■ Records for the task ■
====================

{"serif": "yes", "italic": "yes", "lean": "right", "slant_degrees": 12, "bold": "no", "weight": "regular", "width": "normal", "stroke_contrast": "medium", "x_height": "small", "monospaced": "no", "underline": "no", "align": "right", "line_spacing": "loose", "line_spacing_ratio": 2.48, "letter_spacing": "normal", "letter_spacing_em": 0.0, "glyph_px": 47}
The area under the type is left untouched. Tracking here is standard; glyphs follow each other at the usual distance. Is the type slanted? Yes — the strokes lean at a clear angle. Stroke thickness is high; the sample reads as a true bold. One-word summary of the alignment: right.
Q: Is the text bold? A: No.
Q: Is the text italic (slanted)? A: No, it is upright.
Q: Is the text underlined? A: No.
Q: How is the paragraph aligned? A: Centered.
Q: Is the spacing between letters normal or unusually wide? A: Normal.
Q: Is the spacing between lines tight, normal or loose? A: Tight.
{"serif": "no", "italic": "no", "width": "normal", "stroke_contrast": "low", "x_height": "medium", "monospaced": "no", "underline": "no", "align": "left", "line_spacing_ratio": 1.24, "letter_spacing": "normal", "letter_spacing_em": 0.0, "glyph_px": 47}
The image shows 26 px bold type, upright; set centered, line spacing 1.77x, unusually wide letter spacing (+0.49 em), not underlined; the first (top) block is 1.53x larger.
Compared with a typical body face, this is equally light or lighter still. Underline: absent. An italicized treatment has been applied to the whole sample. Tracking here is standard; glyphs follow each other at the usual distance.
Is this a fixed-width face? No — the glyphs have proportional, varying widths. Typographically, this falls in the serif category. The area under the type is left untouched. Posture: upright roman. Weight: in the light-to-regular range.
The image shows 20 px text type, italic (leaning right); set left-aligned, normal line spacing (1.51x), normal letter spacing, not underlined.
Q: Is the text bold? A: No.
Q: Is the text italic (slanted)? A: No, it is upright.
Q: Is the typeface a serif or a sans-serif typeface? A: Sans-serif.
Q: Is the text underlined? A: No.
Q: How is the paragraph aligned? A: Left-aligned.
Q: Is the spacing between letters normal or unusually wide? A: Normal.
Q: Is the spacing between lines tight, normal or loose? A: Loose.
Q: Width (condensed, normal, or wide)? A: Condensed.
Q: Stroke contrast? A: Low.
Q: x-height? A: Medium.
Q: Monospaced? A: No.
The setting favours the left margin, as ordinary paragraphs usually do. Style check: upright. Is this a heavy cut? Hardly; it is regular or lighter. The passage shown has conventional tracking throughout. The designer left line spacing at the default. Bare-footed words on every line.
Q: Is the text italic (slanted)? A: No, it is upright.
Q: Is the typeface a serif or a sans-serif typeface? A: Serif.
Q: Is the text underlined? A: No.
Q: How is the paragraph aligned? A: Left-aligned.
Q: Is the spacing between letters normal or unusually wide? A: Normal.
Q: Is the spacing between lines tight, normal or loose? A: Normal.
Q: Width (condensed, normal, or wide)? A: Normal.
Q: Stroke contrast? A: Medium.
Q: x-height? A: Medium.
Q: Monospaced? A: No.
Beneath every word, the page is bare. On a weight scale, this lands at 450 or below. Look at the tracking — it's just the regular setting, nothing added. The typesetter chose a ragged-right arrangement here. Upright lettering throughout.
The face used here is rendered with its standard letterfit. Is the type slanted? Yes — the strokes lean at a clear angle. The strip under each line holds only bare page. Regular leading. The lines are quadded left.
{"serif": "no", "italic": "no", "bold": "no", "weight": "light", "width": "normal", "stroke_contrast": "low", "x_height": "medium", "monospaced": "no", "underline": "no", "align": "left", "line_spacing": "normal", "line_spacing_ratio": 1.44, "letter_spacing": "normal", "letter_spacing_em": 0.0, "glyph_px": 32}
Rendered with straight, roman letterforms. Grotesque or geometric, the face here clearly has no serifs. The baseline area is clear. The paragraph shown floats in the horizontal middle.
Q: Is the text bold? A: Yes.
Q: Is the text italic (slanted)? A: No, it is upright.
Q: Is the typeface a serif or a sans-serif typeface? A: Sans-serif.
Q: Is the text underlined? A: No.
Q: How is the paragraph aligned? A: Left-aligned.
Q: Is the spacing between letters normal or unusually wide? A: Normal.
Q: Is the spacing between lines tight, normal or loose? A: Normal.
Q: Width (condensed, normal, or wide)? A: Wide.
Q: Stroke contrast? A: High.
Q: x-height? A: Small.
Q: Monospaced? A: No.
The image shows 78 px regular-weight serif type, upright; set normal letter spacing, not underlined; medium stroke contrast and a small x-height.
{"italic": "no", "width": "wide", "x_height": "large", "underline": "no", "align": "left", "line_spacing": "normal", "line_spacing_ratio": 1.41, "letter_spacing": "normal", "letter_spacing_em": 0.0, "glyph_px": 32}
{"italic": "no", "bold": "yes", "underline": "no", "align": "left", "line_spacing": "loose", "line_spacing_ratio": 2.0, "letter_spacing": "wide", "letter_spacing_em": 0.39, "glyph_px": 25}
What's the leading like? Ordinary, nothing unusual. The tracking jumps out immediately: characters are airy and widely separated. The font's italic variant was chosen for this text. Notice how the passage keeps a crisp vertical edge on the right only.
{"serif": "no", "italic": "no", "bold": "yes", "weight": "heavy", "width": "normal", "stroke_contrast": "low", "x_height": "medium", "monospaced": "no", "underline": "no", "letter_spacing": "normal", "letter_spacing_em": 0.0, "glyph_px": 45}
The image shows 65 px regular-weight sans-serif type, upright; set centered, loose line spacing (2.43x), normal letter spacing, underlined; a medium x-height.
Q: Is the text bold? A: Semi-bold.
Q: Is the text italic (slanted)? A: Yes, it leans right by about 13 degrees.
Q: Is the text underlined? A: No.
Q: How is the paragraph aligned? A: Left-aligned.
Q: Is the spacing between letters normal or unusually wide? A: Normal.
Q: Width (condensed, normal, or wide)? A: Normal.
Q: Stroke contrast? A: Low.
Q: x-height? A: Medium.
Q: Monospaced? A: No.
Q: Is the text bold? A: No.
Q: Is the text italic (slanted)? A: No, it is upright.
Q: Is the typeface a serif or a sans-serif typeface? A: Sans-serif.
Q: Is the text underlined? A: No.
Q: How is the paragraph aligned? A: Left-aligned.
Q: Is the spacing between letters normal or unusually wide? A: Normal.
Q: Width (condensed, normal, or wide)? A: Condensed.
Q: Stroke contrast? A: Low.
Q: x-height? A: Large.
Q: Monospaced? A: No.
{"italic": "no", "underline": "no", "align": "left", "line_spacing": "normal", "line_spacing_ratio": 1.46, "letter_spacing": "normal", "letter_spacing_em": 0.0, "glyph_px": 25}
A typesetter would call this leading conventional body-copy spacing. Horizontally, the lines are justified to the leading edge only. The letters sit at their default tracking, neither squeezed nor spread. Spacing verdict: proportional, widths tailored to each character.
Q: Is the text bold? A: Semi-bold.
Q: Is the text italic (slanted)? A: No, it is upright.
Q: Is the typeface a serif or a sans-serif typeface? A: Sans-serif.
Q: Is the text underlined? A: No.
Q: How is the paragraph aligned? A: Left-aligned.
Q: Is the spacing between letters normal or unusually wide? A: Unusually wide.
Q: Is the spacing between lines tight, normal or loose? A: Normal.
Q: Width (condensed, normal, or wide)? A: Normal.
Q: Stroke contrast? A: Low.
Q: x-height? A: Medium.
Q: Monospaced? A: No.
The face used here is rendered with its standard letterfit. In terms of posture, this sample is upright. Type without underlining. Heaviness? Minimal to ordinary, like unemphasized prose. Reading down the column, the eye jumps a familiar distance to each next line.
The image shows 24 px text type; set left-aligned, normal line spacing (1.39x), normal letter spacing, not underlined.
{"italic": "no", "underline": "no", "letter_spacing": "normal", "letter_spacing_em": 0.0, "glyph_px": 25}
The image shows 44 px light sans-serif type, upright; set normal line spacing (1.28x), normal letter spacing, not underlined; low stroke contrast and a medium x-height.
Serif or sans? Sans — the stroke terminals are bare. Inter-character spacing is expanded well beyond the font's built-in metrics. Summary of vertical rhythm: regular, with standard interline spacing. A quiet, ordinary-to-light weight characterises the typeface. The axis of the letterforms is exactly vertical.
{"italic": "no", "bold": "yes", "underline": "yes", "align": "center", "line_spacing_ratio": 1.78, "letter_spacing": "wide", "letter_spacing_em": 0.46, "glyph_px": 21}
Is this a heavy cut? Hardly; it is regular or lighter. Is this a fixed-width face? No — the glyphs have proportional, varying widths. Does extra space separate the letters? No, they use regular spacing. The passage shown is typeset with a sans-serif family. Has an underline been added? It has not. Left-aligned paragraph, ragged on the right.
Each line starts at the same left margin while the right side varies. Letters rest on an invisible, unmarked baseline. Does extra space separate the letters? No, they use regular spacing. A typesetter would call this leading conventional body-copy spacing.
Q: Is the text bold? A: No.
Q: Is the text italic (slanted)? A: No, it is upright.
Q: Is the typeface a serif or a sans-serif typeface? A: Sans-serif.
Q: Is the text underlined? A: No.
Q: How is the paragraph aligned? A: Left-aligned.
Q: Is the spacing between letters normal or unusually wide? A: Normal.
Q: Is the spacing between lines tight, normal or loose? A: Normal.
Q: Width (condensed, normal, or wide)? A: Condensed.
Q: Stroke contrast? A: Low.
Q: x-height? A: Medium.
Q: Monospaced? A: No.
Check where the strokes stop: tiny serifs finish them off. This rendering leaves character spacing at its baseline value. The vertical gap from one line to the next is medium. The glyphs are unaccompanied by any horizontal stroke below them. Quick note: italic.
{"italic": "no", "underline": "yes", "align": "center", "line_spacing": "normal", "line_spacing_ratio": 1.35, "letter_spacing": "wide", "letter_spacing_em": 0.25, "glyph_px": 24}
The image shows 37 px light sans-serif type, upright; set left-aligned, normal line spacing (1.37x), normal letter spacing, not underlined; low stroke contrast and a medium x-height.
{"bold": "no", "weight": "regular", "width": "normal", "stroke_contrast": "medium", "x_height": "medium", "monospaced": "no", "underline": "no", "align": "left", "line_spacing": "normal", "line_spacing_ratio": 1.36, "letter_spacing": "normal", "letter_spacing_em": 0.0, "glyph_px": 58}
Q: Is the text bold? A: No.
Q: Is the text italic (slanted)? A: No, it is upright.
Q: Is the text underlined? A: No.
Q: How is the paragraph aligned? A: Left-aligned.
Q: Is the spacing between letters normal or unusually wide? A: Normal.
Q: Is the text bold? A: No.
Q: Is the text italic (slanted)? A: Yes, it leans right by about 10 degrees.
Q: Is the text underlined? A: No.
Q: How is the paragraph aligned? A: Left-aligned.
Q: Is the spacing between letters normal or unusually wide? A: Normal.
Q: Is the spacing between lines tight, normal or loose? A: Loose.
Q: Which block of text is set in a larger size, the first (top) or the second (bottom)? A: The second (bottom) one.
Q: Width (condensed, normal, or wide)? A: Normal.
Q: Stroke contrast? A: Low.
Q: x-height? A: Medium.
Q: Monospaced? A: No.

====================

■ Your instructions ■
Search the entries for the word "first" and pick out every line that holds it.

■ Output of the task ■
The image shows 26 px bold type, upright; set centered, line spacing 1.77x, unusually wide letter spacing (+0.49 em), not underlined; the first (top) block is 1.53x larger.
Q: Which block of text is set in a larger size, the first (top) or the second (bottom)? A: The second (bottom) one.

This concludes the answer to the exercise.